Patria, Kongsberg team up to fasten weapons on Nordic troop rides

BERLIN — Finnish defense contractor Patria will partner with Norway’s Kongsberg to integrate a remote weapons station onto the Common Armoured Vehicle System, the companies announced on March 26. The contract is worth NOK1.2 billion (around $111.5 million), according to Kongsberg.

The announcement comes less than a week after Sweden signed a deal to purchase 321 of Patria’s three-axle modular armored personnel carriers. That contract is worth around 470 million Euros, the company said, and will bring the Swedish total up to 341 vehicles.

The Common Armoured Vehicle System is a defense research and development program between Finland, Latvia, Sweden and Germany.  Stockholm joined the initiative in 2022, Berlin followed suit in April 2023.

Patria is also collaborating with two German companies to develop a variant of its six-wheeled vehicle for the Bundeswehr, Germany’s armed forces.

Kongsberg’s Protector RS4 remote weapons station will be integrated into “more than 300″ Swedish and Finnish Patria 6×6 vehicles, the latest press release stated. Finland has purchased a total of 131 of the vehicles to date, most recently submitting a new order for 40 units in January of this year.

According to the manufacturer, the Protector is “the world’s most-fielded remote weapons system.” More than 20,000 units have been delivered, and it is widely used throughout the U.S. armed forces. Patria will be in charge of integrating the system into its vehicles.

With all four CAVS members now being NATO states – following the accessions of Finland and Sweden – Kongsberg president Eirik Lie said that the weapons choice would support the alliance’s vision of interchangeable equipment and security of supply.

Patria and Kongsberg are majority-owned by the Finnish and Norwegian governments, respectively.
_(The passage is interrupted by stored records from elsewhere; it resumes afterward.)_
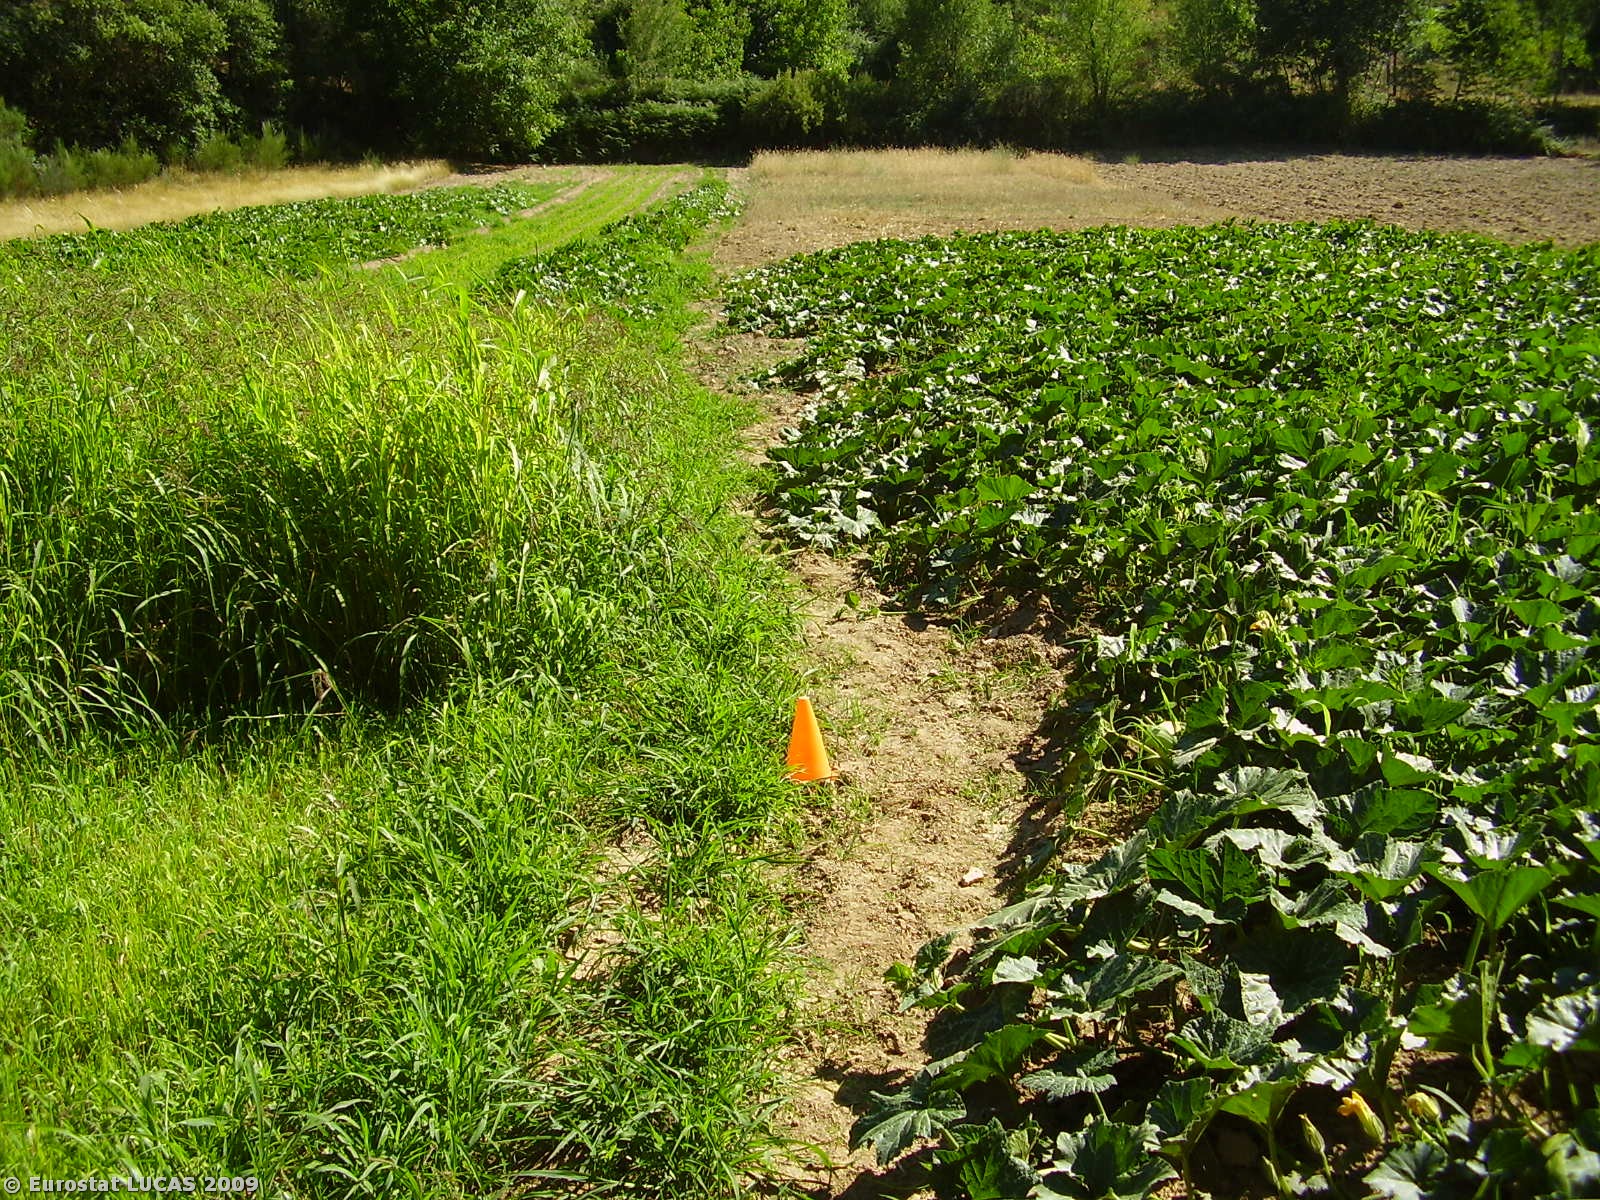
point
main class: Cropland
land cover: Mixed cereals for fodder
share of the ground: > 75 %
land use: Agriculture (excluding fallow land and kitchen gardens)
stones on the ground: < 10 %
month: July
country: PT
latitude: 41.6361
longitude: -7.3768
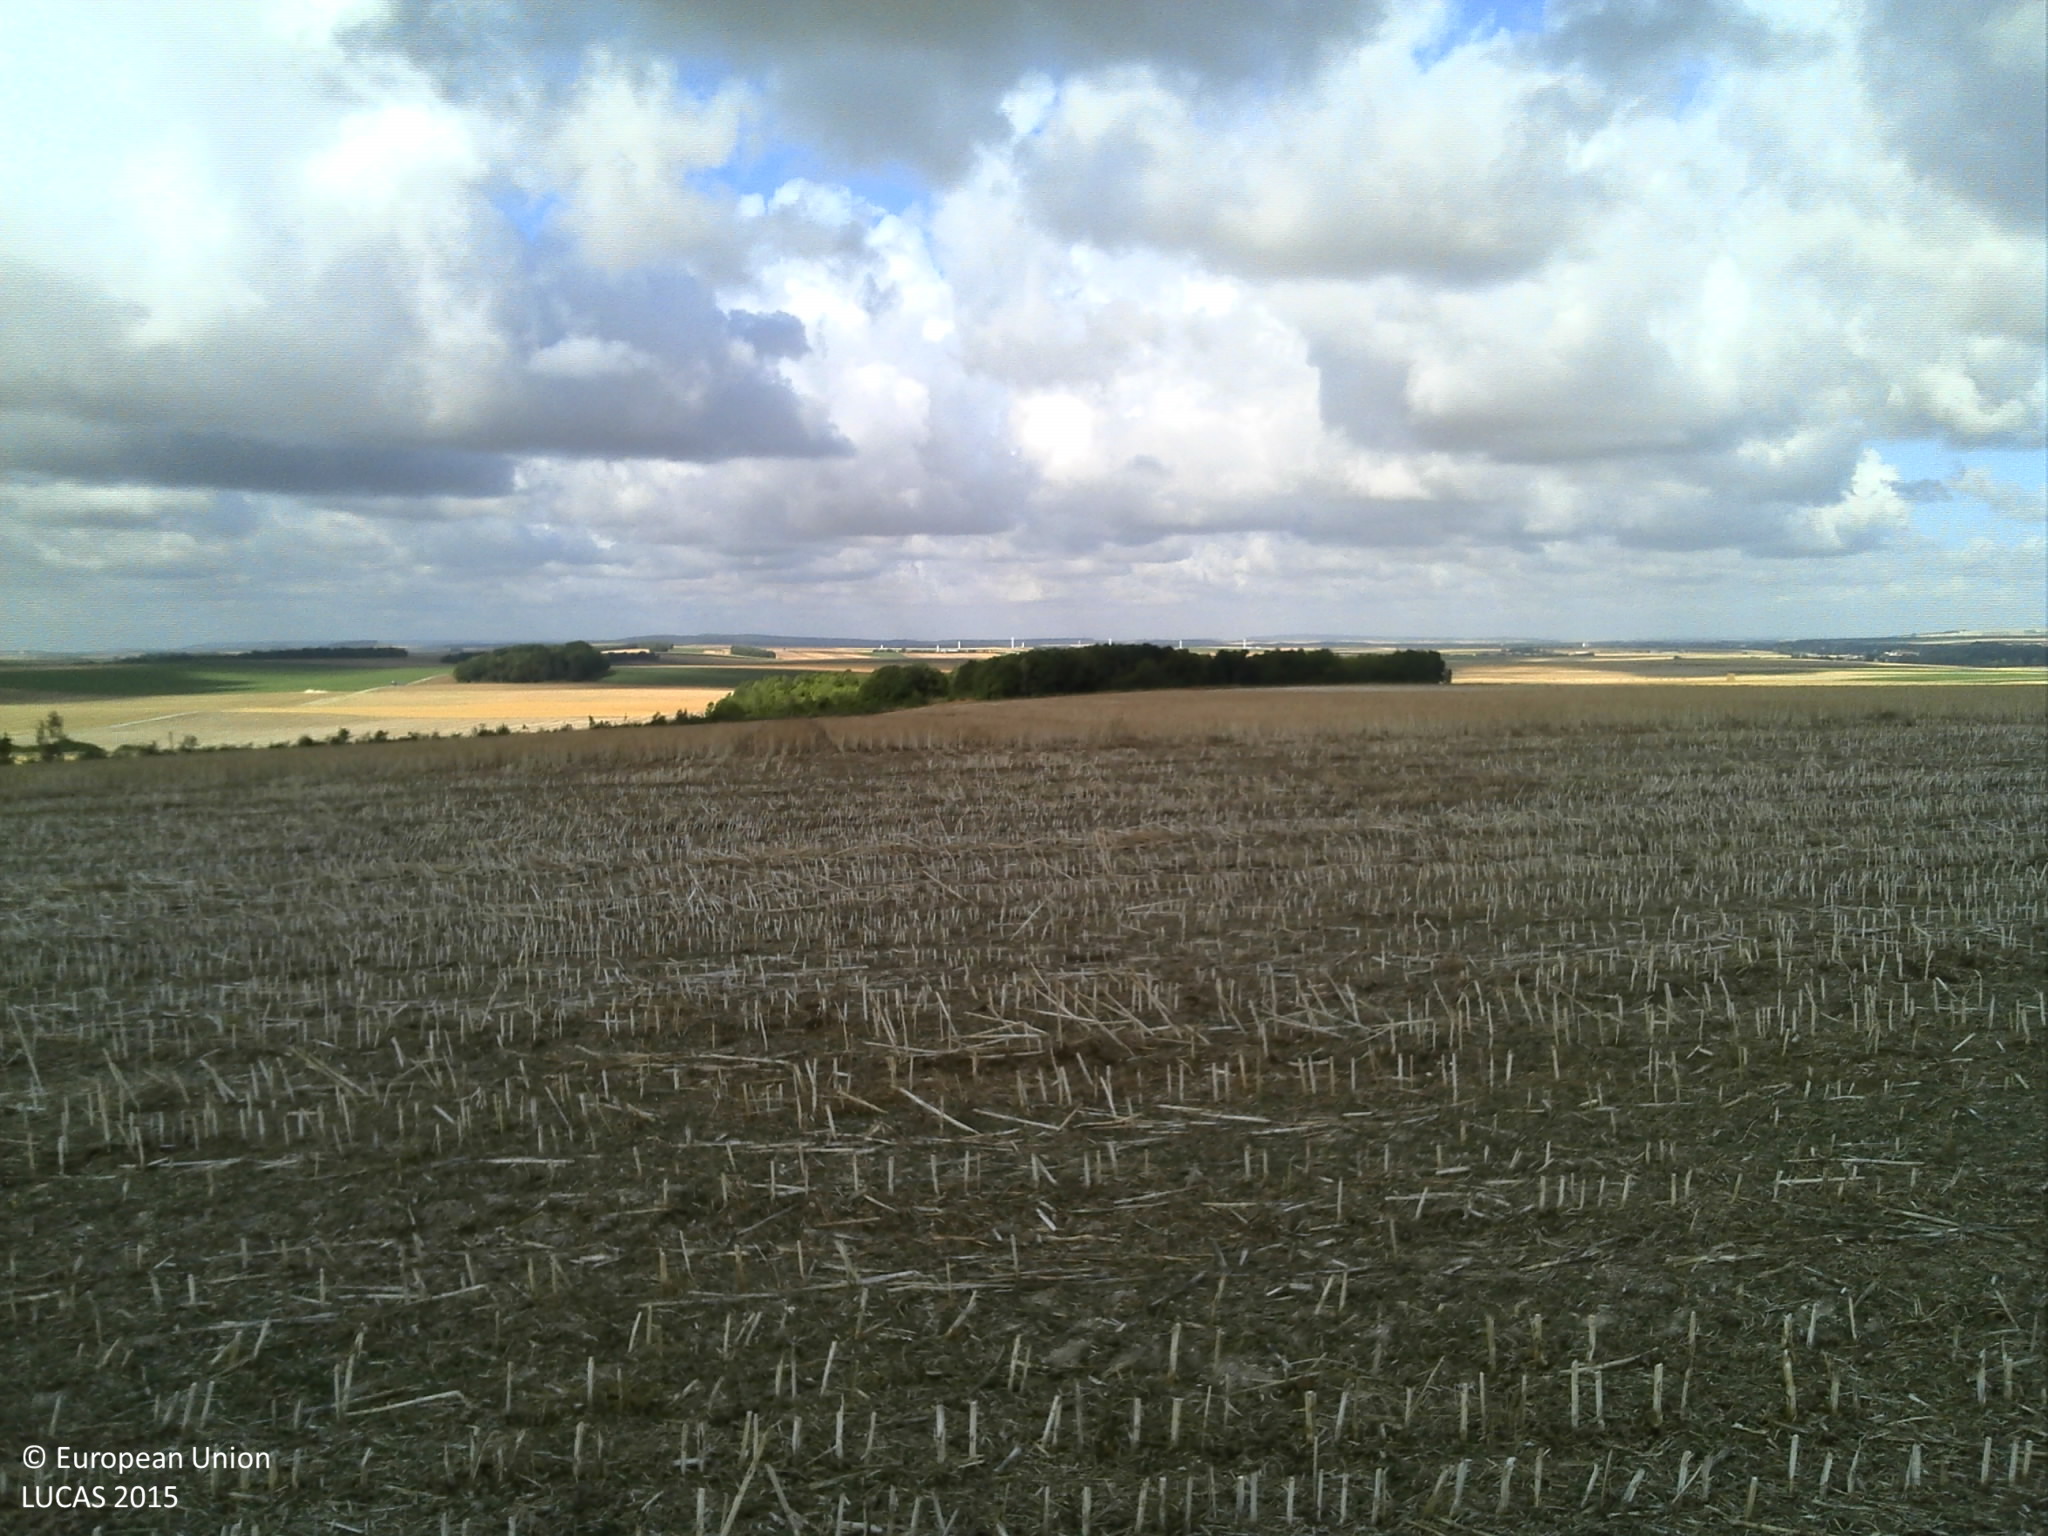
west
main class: Cropland
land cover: Rape and turnip rape
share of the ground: 25 - 50 %
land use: Agriculture (excluding fallow land and kitchen gardens)
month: July
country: FR
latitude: 49.2949
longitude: 4.5100

In Sweden, the vehicle is known as the Pansarterrängbil 300 and will be used in a variety of roles, ranging from troop transport to command and control, and as ambulance transport. Mats Warstedt, a senior vice president at Patria, called the venture an “excellent example of Finnish-Swedish cooperation,” portraying the vehicle as Nordic in character – designed to withstand harsh conditions, and with materials sourced from the region. Swedish companies provide the engine and steel for the armor, he said.

“This agreement enables a unique opportunity to deliver weapon systems to serve the needs of multiple countries under one contract and is yet another milestone for the international CAVS program,” said Lie.

Deliveries of the vehicles with the integrated weapons stations are set to begin next year and take until the 2030s to complete.